● WHAT THIS TASK INVOLVES
Write back every line of the listing exactly, excluding images.
*-*-*
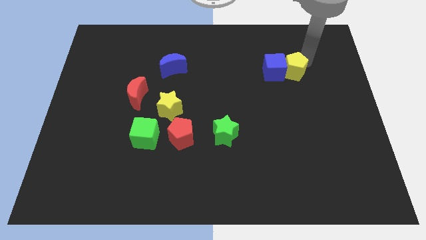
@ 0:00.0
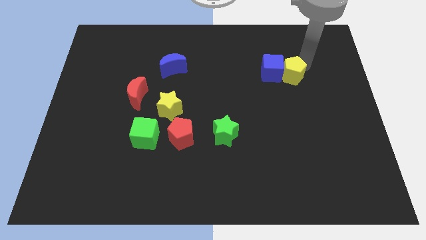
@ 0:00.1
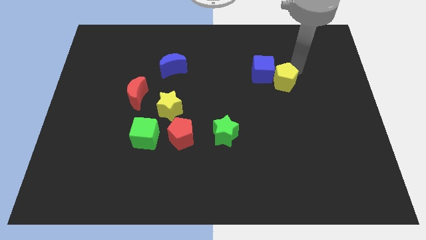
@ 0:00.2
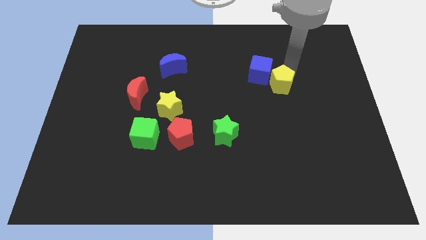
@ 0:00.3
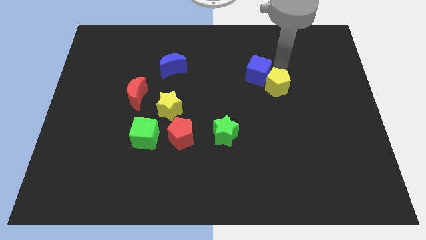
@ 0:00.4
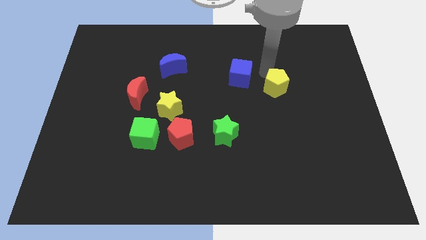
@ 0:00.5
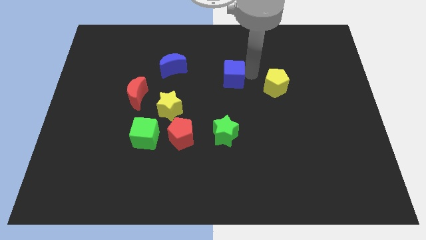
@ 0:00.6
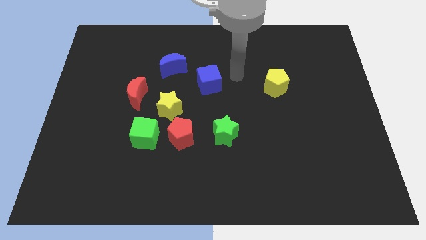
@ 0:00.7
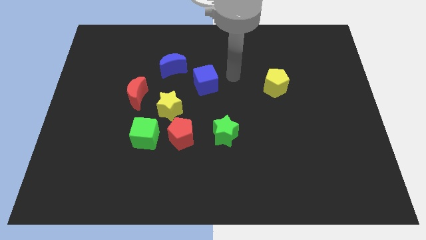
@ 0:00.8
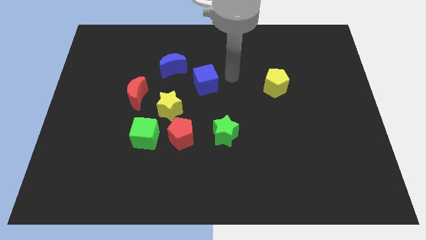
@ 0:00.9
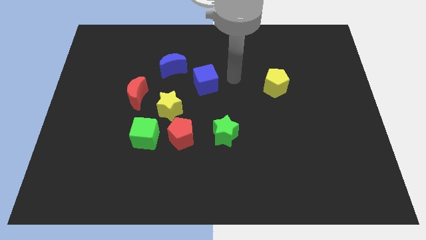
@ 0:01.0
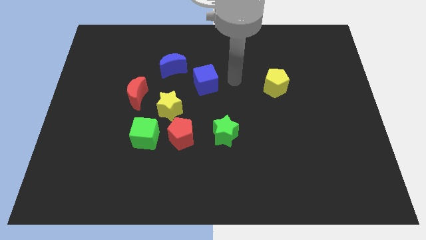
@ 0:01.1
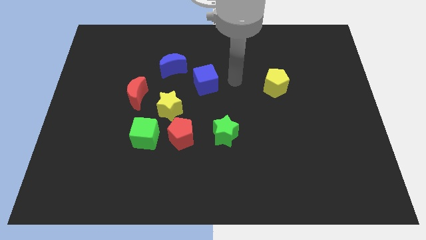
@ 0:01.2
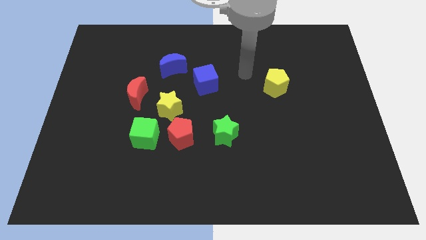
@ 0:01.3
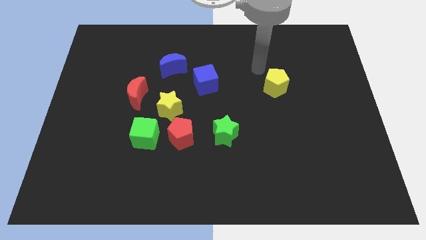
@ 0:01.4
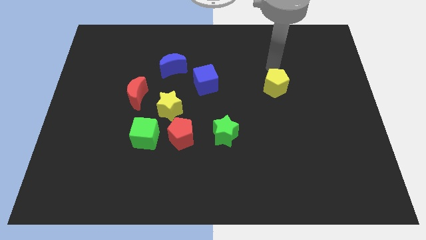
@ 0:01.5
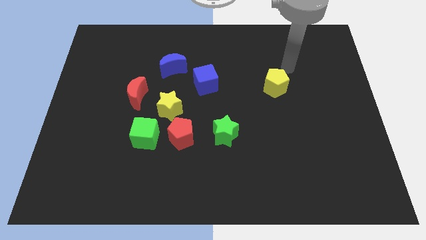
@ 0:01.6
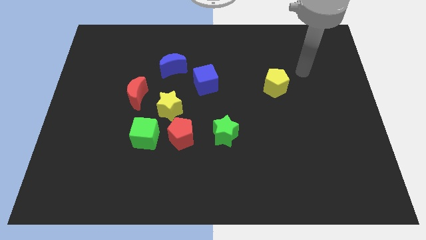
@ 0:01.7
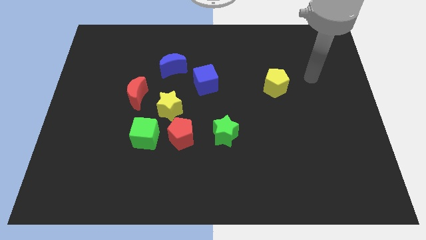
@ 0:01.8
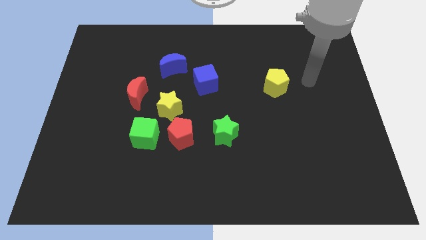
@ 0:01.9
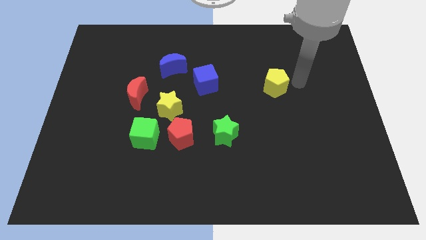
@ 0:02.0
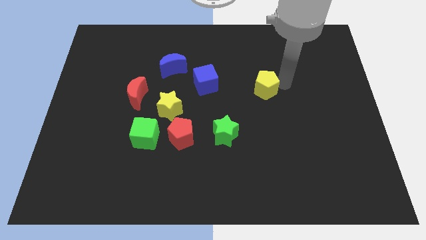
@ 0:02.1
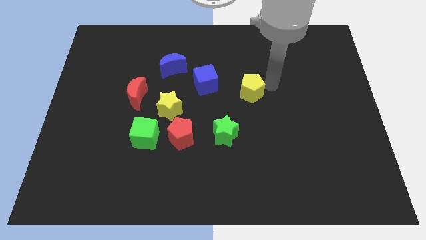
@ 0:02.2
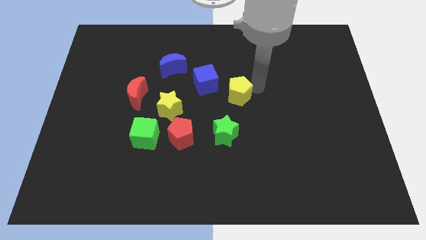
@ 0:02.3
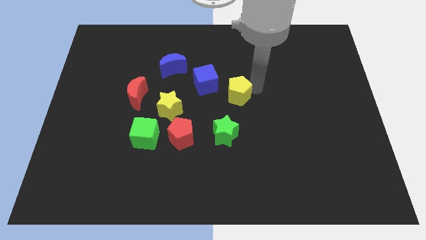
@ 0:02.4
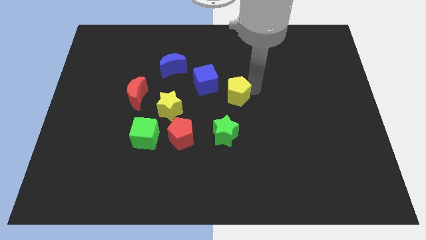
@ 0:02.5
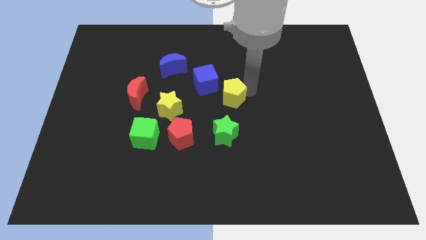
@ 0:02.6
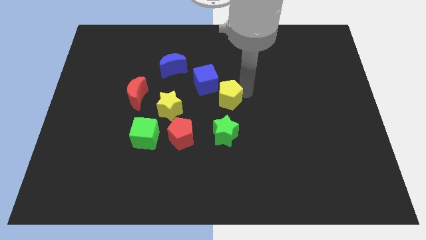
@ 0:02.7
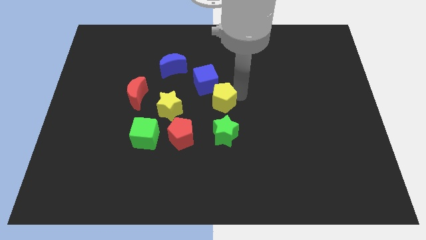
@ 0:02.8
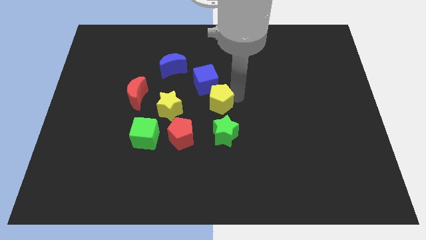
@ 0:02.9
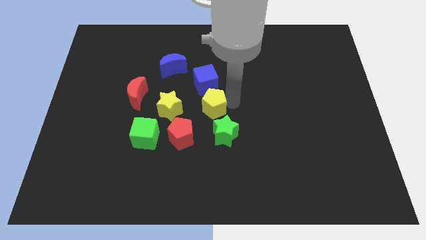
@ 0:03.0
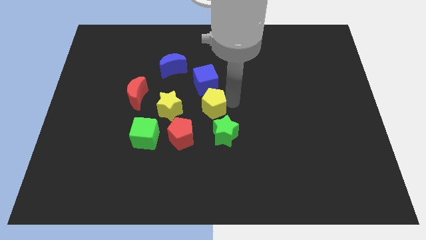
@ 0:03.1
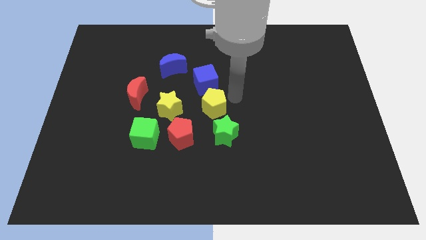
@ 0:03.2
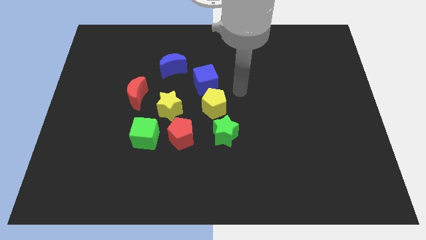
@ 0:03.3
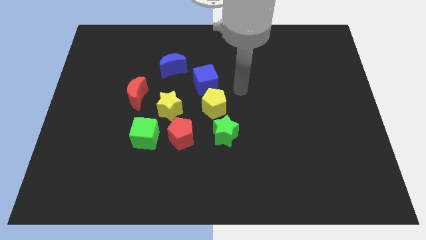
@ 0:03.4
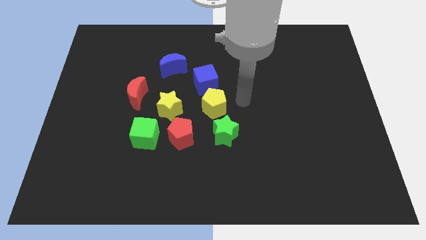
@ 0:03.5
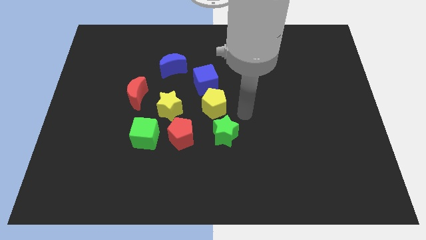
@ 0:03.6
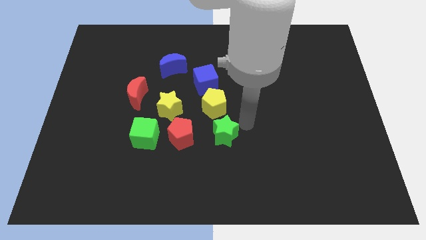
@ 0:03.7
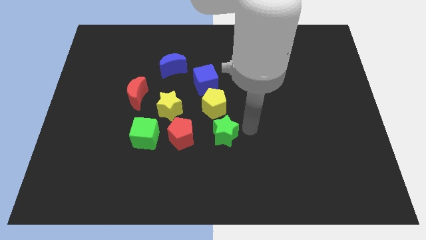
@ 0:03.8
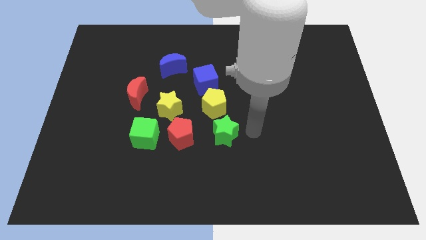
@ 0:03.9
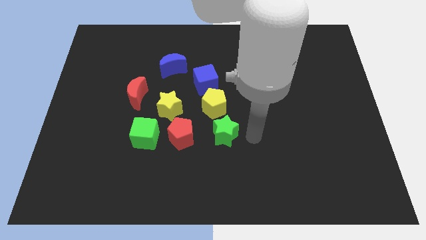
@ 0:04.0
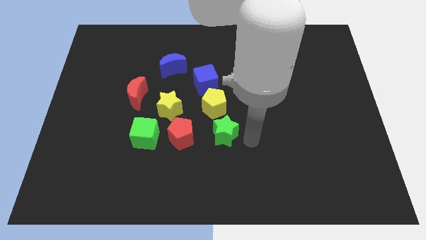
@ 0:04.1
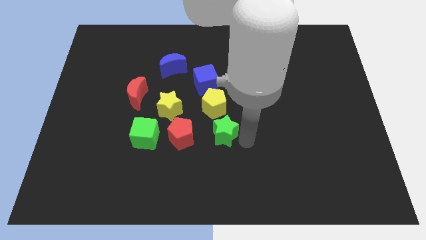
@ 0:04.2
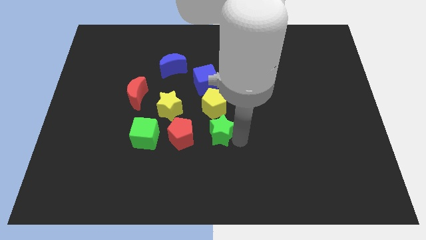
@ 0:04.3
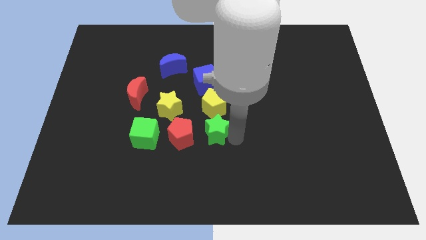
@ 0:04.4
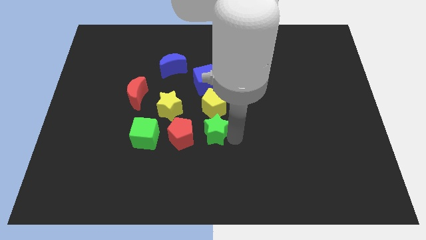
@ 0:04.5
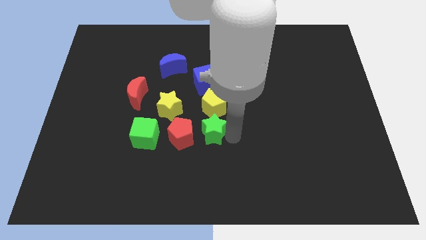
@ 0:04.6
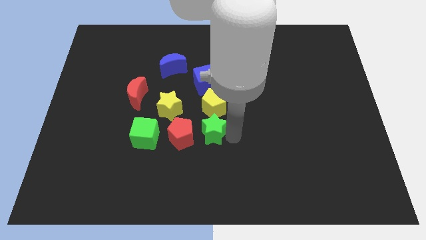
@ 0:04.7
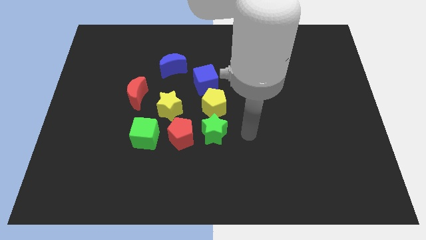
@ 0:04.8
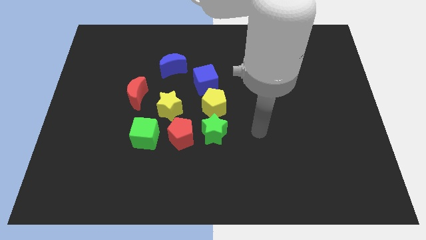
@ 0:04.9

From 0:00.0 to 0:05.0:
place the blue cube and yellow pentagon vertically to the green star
*-*-*
● TASK OUTPUT
@ 0:00.0
@ 0:00.1
@ 0:00.2
@ 0:00.3
@ 0:00.4
@ 0:00.5
@ 0:00.6
@ 0:00.7
@ 0:00.8
@ 0:00.9
@ 0:01.0
@ 0:01.1
@ 0:01.2
@ 0:01.3
@ 0:01.4
@ 0:01.5
@ 0:01.6
@ 0:01.7
@ 0:01.8
@ 0:01.9
@ 0:02.0
@ 0:02.1
@ 0:02.2
@ 0:02.3
@ 0:02.4
@ 0:02.5
@ 0:02.6
@ 0:02.7
@ 0:02.8
@ 0:02.9
@ 0:03.0
@ 0:03.1
@ 0:03.2
@ 0:03.3
@ 0:03.4
@ 0:03.5
@ 0:03.6
@ 0:03.7
@ 0:03.8
@ 0:03.9
@ 0:04.0
@ 0:04.1
@ 0:04.2
@ 0:04.3
@ 0:04.4
@ 0:04.5
@ 0:04.6
@ 0:04.7
@ 0:04.8
@ 0:04.9

From 0:00.0 to 0:05.0:
place the blue cube and yellow pentagon vertically to the green star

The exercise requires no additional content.